*** Material for this task ***

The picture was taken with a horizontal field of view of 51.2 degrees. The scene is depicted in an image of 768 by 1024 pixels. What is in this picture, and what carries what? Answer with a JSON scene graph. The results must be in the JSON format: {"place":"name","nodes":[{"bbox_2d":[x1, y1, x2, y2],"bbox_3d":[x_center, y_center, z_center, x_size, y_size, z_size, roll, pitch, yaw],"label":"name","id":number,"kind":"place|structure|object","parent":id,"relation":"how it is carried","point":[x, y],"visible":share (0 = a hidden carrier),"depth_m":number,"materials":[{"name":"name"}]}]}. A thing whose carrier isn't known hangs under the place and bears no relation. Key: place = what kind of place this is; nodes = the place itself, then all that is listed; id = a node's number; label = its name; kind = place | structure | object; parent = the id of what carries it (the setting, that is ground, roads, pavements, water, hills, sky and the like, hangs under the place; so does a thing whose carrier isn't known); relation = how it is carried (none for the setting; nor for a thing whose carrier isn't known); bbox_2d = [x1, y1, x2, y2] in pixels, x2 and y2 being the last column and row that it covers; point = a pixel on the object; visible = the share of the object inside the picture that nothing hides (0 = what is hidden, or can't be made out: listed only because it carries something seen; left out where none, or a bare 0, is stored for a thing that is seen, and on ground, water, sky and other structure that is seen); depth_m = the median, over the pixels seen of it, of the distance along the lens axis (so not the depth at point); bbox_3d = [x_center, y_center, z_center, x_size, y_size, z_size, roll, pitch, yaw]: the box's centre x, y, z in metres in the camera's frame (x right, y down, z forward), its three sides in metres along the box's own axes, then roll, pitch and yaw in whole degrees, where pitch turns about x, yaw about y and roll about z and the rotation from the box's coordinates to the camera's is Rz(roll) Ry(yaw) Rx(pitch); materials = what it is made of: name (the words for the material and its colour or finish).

*** End of Material for this task ***
*** Material for this task ***

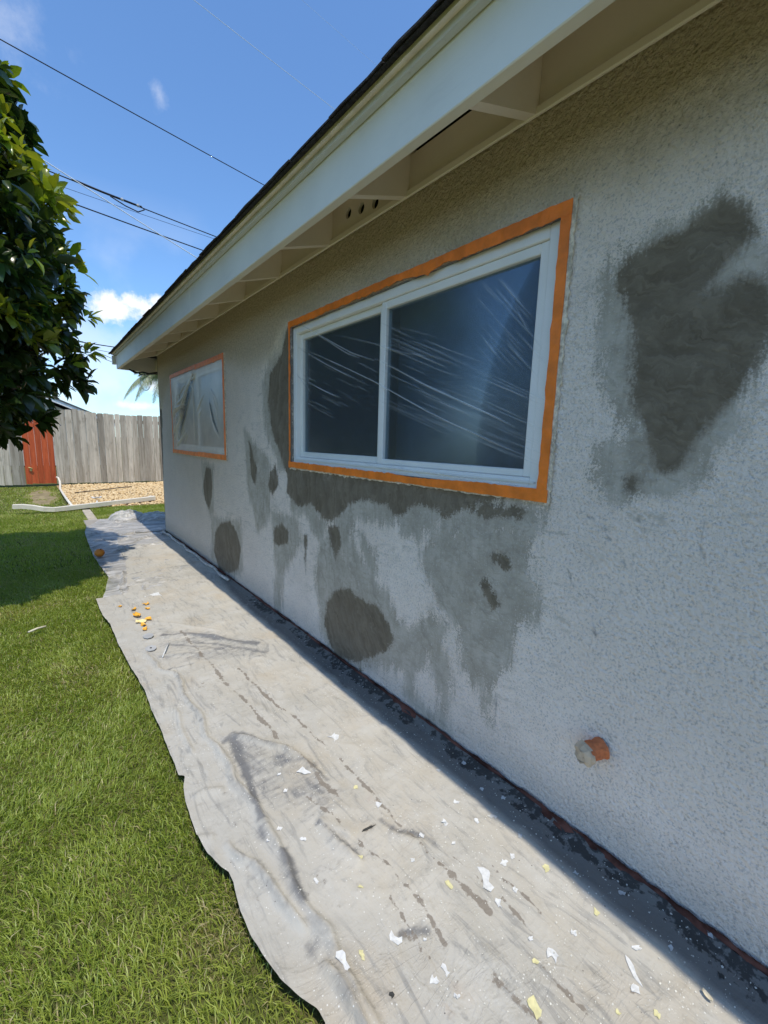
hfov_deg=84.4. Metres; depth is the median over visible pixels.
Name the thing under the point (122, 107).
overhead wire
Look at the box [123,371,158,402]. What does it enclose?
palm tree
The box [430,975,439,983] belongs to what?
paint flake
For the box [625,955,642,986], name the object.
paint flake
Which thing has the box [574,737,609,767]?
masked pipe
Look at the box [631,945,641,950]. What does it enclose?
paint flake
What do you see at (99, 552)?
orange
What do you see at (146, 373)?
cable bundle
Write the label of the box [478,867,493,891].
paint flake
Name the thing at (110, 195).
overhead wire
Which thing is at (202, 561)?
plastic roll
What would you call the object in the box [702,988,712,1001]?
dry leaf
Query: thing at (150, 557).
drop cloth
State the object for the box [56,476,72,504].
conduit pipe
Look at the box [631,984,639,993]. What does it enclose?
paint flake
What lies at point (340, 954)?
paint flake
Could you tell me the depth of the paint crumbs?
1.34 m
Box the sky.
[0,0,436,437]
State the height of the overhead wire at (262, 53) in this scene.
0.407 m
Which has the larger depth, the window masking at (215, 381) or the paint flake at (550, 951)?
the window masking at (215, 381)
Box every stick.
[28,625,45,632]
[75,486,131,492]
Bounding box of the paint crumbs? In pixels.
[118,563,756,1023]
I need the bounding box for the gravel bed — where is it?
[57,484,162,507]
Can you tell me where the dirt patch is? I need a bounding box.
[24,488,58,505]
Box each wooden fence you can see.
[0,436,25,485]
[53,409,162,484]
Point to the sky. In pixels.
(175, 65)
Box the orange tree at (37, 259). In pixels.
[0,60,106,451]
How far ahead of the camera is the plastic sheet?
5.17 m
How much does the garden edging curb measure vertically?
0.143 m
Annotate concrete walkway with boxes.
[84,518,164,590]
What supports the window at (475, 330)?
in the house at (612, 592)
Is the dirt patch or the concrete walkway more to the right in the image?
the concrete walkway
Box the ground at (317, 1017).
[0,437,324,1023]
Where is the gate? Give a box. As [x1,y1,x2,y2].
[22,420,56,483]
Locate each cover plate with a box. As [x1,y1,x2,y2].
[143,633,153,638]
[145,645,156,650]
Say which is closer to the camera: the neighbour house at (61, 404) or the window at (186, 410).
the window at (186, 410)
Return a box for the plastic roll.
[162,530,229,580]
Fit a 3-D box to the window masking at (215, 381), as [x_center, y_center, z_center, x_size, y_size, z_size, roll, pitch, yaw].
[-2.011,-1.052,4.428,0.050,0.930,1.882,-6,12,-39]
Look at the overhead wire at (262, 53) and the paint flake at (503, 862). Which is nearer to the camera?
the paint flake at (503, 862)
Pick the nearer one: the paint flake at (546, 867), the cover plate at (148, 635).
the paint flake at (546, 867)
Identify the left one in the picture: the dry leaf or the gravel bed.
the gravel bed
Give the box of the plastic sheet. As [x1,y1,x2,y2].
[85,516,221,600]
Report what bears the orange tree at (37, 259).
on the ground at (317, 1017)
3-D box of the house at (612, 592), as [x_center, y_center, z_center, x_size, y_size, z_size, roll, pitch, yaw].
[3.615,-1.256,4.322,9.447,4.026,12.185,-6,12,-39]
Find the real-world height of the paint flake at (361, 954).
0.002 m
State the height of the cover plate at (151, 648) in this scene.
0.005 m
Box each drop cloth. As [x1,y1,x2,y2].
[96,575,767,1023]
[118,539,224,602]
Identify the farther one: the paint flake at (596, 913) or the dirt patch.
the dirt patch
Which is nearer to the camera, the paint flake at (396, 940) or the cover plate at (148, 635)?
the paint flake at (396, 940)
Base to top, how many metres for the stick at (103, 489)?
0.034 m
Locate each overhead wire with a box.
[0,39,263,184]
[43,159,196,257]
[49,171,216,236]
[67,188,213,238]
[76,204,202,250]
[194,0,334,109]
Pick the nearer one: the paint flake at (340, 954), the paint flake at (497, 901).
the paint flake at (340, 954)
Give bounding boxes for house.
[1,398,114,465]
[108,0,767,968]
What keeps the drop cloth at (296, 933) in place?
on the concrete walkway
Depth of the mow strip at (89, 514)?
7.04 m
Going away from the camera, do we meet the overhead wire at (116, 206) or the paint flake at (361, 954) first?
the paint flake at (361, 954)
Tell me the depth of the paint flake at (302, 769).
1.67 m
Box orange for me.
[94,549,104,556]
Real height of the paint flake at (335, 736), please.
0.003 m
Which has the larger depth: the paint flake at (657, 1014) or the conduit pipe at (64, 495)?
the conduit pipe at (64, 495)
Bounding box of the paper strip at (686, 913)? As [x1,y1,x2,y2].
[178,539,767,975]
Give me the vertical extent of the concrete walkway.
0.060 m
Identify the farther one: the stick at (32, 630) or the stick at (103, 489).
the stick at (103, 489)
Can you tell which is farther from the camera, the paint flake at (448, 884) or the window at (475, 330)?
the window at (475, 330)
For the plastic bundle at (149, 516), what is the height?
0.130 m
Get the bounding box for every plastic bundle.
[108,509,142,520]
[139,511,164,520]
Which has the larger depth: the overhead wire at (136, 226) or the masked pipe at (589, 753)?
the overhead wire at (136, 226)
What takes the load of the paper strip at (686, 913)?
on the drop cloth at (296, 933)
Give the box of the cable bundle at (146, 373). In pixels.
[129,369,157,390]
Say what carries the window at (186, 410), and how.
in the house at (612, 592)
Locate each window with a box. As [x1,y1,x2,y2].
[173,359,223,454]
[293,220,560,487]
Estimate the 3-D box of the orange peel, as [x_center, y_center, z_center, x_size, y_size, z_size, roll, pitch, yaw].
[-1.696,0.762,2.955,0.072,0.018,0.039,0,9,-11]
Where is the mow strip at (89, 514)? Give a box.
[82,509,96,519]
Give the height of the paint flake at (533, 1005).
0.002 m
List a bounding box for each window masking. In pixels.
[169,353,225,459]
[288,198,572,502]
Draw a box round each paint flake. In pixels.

*** End of Material for this task ***
*** Material for this task ***

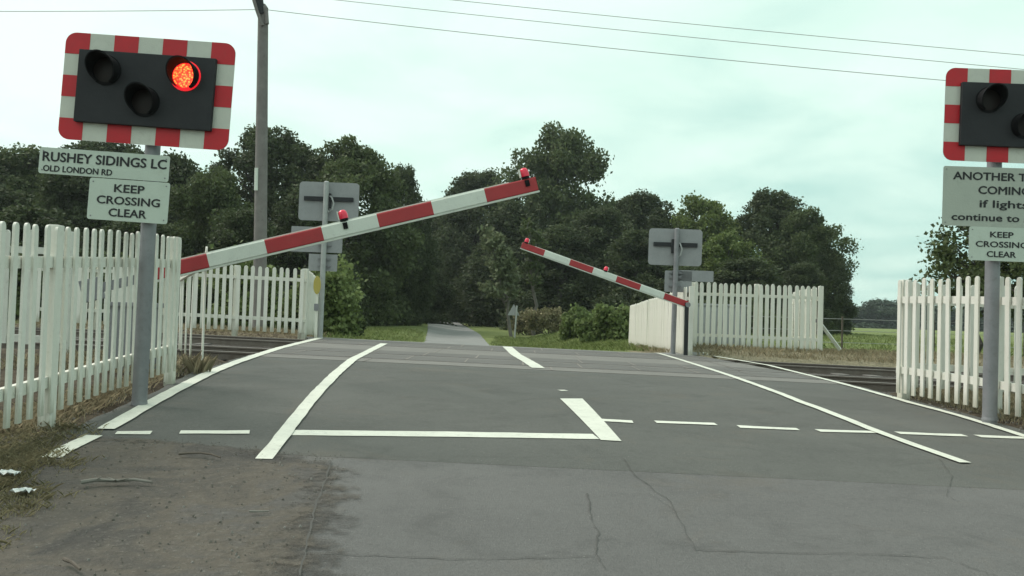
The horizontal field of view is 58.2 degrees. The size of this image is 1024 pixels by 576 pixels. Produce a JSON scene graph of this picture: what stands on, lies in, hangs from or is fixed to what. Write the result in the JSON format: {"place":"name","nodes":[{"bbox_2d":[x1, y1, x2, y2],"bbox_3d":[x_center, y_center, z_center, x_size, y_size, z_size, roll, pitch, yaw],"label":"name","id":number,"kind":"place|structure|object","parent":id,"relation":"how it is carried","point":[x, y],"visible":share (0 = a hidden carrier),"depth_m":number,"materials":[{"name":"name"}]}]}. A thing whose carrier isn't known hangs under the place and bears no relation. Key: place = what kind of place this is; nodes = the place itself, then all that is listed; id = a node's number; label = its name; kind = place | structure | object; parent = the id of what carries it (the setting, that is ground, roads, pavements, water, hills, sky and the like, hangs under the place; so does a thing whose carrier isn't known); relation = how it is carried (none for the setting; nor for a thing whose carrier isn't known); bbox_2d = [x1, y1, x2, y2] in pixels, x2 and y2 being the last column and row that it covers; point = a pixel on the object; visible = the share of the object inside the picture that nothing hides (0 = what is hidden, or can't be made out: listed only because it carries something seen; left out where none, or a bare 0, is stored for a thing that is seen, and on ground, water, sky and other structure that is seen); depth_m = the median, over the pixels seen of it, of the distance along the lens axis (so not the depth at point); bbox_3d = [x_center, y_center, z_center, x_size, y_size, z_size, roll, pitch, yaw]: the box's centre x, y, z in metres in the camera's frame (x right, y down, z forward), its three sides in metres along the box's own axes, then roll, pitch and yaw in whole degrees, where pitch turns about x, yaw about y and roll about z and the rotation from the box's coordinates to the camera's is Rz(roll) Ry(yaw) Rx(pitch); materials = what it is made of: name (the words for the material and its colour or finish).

*** End of Material for this task ***

Problem » Everything above from the line containing "Where is the mow" down to the line containing "Draw a box round each paint flake. In pixels." should be copied exactly, both end lines included, and nothing else.

Answer »
Where is the mow strip at (89, 514)? Give a box.
[82,509,96,519]
Give the height of the paint flake at (533, 1005).
0.002 m
List a bounding box for each window masking. In pixels.
[169,353,225,459]
[288,198,572,502]
Draw a box round each paint flake. In pixels.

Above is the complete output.